В квартире сидеть невозможно, мы ходим гулять, но делаем это так, будто выполняем обязательство или тяжкий труд, ходим, наматывая по городу круги, пока ноги не отказывают носить. Гран и Настя разговаривают, идя рядом, глядя в асфальт. Я чувствую себя ребёнком по сравнению с ними, не могу ходить в их темпе, убегаю вперёд, катаюсь на качелях, бегаю за собаками, поднимаю в воздух голубей. Лицо Насти становится болезненным, когда я оказываюсь поблизости. Жалею её, стараюсь держаться поодаль.

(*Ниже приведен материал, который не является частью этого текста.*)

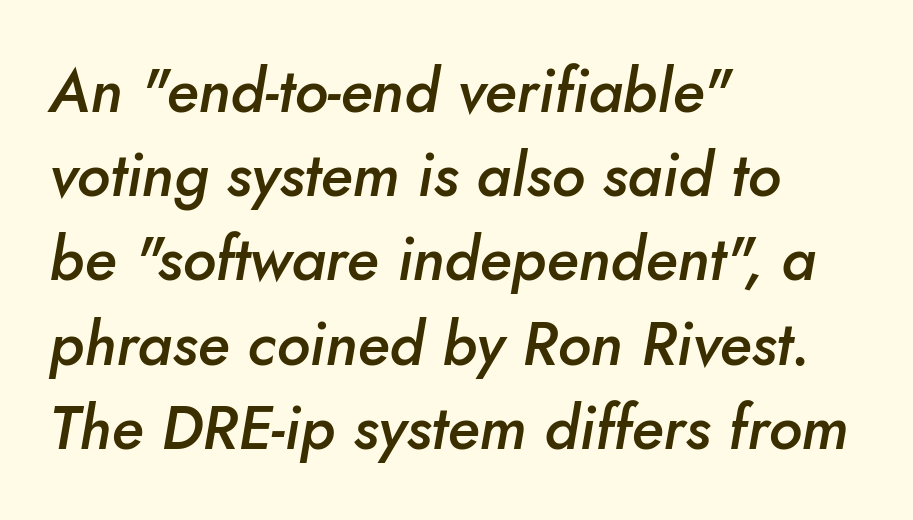
Q: Is the text bold? A: Semi-bold.
Q: Is the text italic (slanted)? A: Yes, it leans right by about 10 degrees.
Q: Is the text underlined? A: No.
Q: How is the paragraph aligned? A: Left-aligned.
Q: Is the spacing between letters normal or unusually wide? A: Normal.
Q: Is the spacing between lines tight, normal or loose? A: Normal.
Q: Width (condensed, normal, or wide)? A: Normal.
Q: Stroke contrast? A: Low.
Q: x-height? A: Small.
Q: Monospaced? A: No.
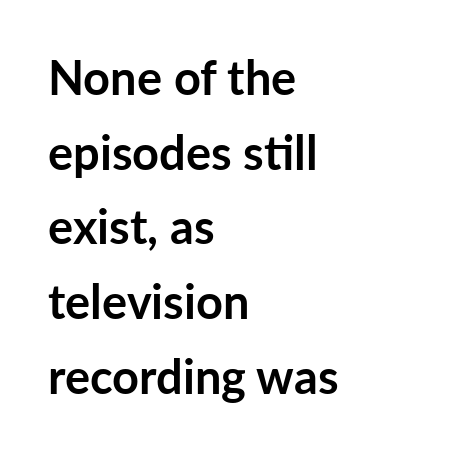
Q: Is the text bold? A: Yes.
Q: Is the text italic (slanted)? A: No, it is upright.
Q: Is the typeface a serif or a sans-serif typeface? A: Sans-serif.
Q: Is the text underlined? A: No.
Q: How is the paragraph aligned? A: Left-aligned.
Q: Is the spacing between letters normal or unusually wide? A: Normal.
Q: Is the spacing between lines tight, normal or loose? A: Normal.
Q: Width (condensed, normal, or wide)? A: Normal.
Q: Stroke contrast? A: Low.
Q: x-height? A: Medium.
Q: Monospaced? A: No.
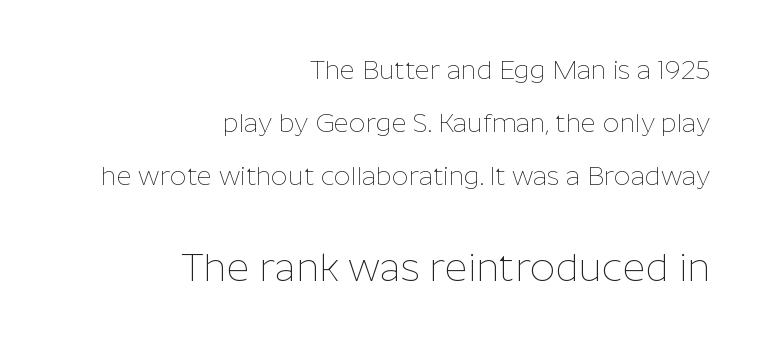
The image shows 39 px thin sans-serif type, upright; set right-aligned, loose line spacing (2.03x), normal letter spacing, not underlined; the second (bottom) block is 1.5x larger; low stroke contrast and a medium x-height.
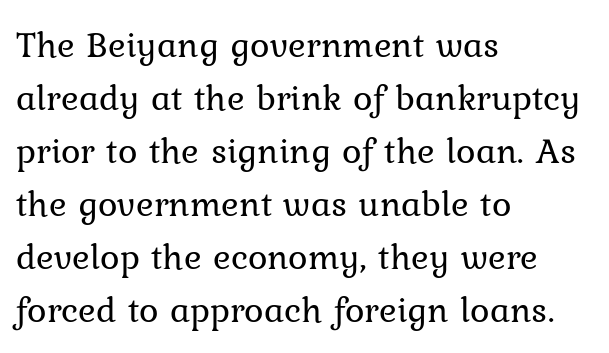
Proportional: the letters do not fall into vertical columns. Type style note: has serifs. The passage is arranged the way most books set body copy — flush left. Upright lettering throughout.
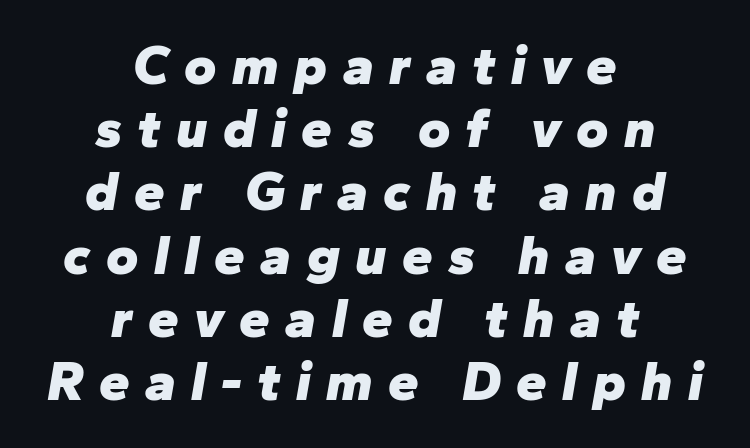
{"italic": "yes", "lean": "right", "slant_degrees": 10, "bold": "yes", "weight": "heavy", "width": "normal", "stroke_contrast": "low", "x_height": "medium", "monospaced": "no", "underline": "no", "align": "center", "line_spacing": "tight", "line_spacing_ratio": 1.15, "letter_spacing": "wide", "letter_spacing_em": 0.28, "glyph_px": 55}
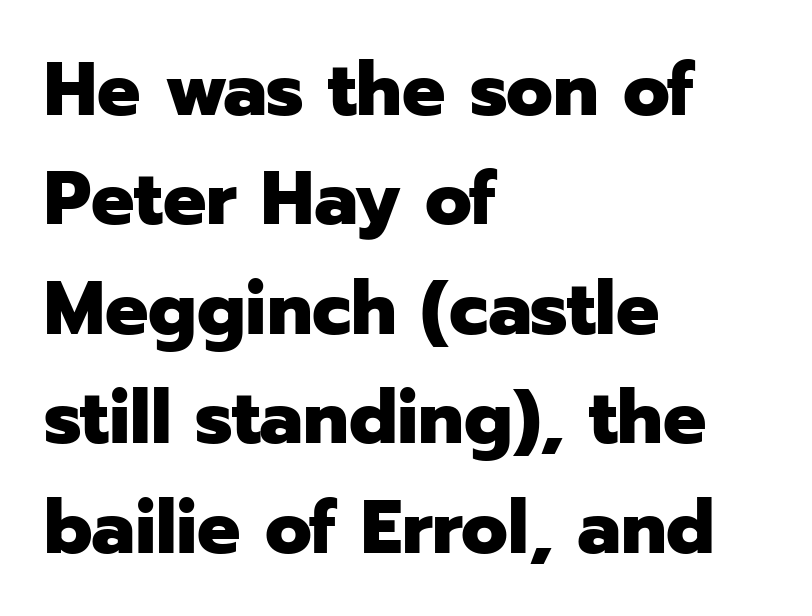
This sample has the flowing, uneven cadence of proportional lettering. Typographically, this falls in the sans-serif category. No word sits above an underline. Tracking value appears to be zero — textbook default spacing. The typesetter chose a ragged-right arrangement here. Posture: upright roman.
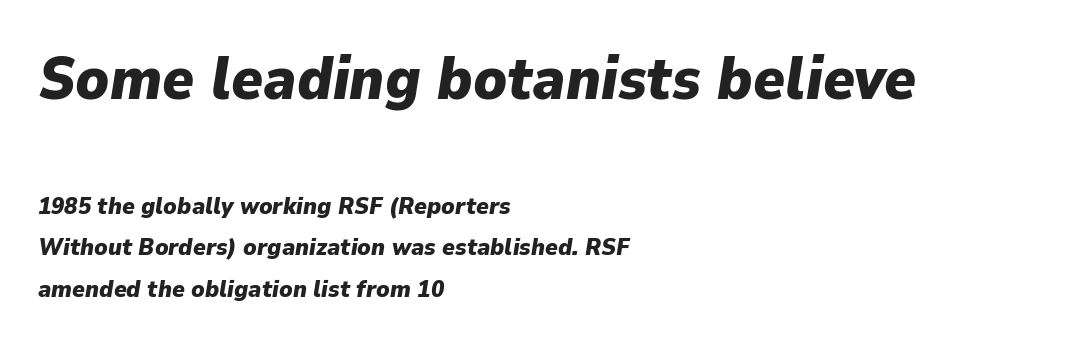
Q: Is the text bold? A: Yes.
Q: Is the text italic (slanted)? A: Yes, it leans right by about 9 degrees.
Q: Is the text underlined? A: No.
Q: How is the paragraph aligned? A: Left-aligned.
Q: Is the spacing between letters normal or unusually wide? A: Normal.
Q: Which block of text is set in a larger size, the first (top) or the second (bottom)? A: The first (top) one.
Q: Width (condensed, normal, or wide)? A: Normal.
Q: Stroke contrast? A: Low.
Q: x-height? A: Medium.
Q: Monospaced? A: No.
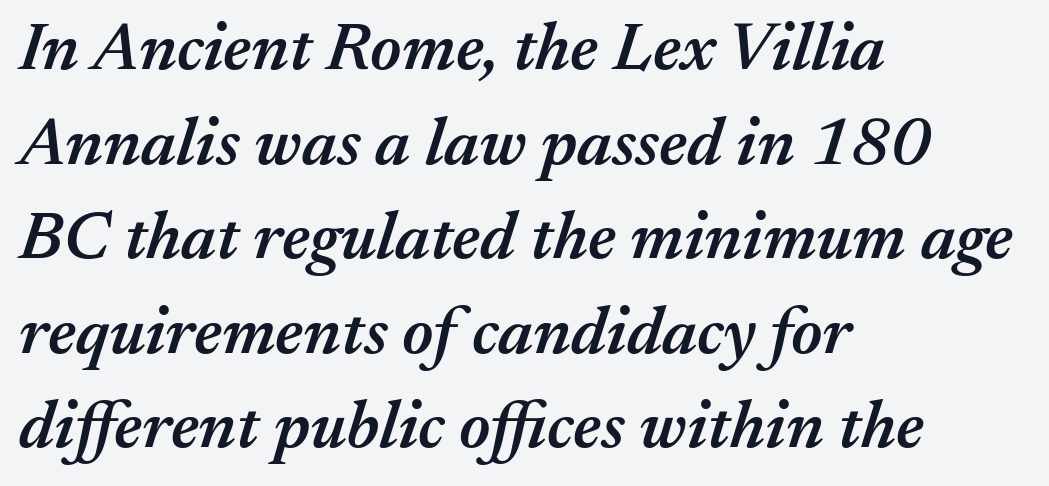
The image shows 68 px semibold type, italic (leaning right); set left-aligned, normal line spacing (1.39x), normal letter spacing, not underlined; medium stroke contrast and a medium x-height.
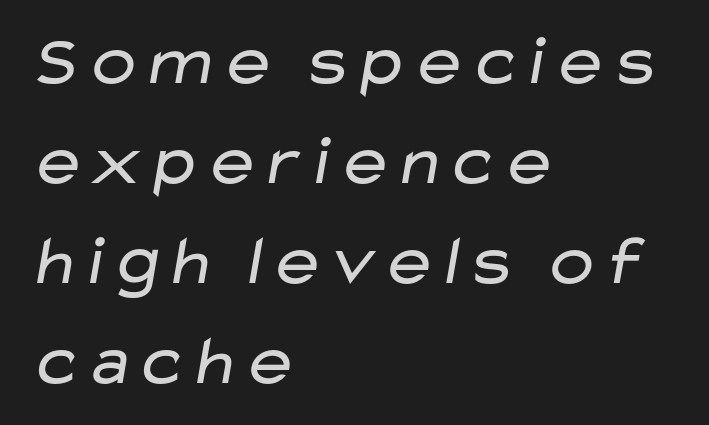
The image shows 71 px regular-weight, wide sans-serif type; set left-aligned, normal line spacing (1.41x), normal letter spacing, not underlined; low stroke contrast and a medium x-height.
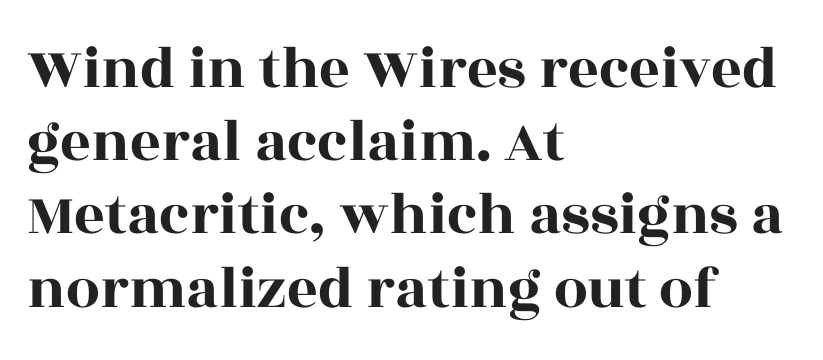
{"serif": "yes", "italic": "no", "width": "wide", "x_height": "large", "monospaced": "no", "underline": "no", "align": "left", "line_spacing_ratio": 1.22, "letter_spacing": "normal", "letter_spacing_em": 0.0, "glyph_px": 60}
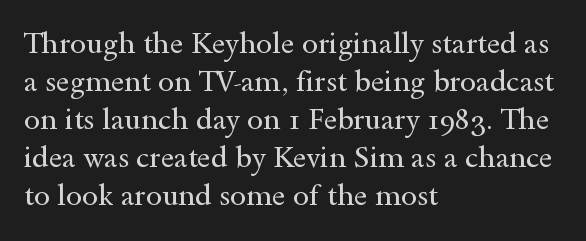
Nobody touched the tracking dial on this one. The font sits on the lighter half of the weight spectrum, regular included. The passage shown is not underscored anywhere. Does the leading feel generous? No, just average. What kind of face is this? One with serifs. The rendering uses natural spacing where letterforms have individual widths.
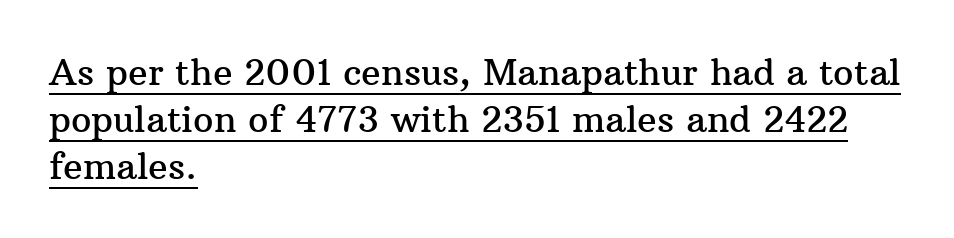
The image shows 36 px serif type, upright; set left-aligned, normal line spacing (1.3x), normal letter spacing, underlined; medium stroke contrast and a medium x-height.
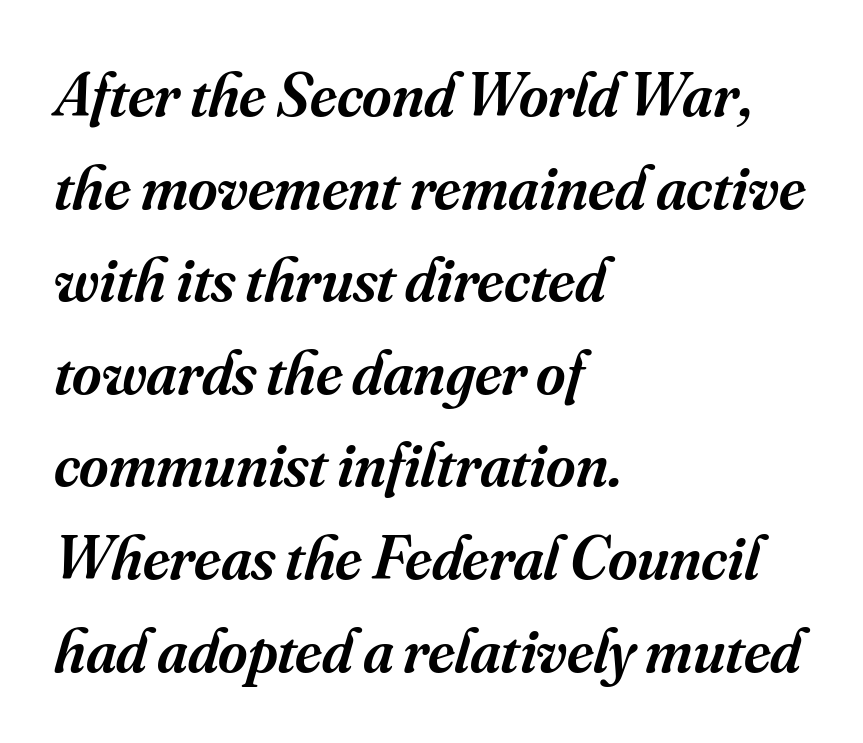
Is the block centered? No — it sits flush against the left margin. Stems and bowls a touch heavier than normal — semibold. The type family on display is of the serif kind. Spacing between characters is what you'd get straight out of the box. Descender tails drop into unmarked territory.
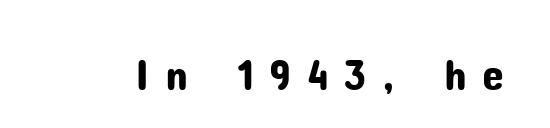
{"serif": "no", "italic": "no", "width": "normal", "stroke_contrast": "low", "x_height": "medium", "monospaced": "no", "underline": "no", "letter_spacing": "wide", "letter_spacing_em": 0.36, "glyph_px": 44}
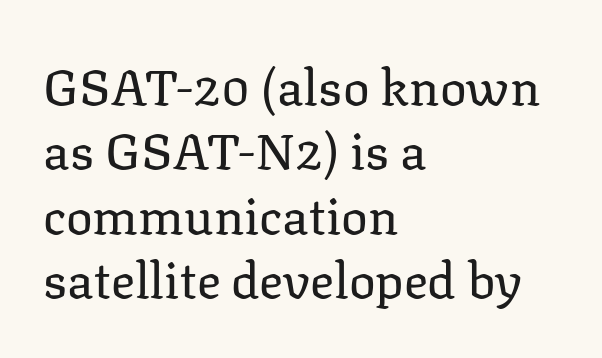
The image shows 50 px regular-weight serif type, upright; set left-aligned, normal line spacing (1.29x), normal letter spacing, not underlined; low stroke contrast and a medium x-height.

— Кто на чёрточку наступит, тот и Ленина погубит, — бормочу детсадовскую присказку, ступая по плиткам тротуара так, чтобы не наступить ни на один шовчик. — Кто на трещинку наступит, тот и Гитлера полюбит, — усложняю себе задание и иду ещё медленней и осторожней: любить Гитлера в нашем детском саду не полагалось.
Но как бы медленно ни идти, всё равно их догоню.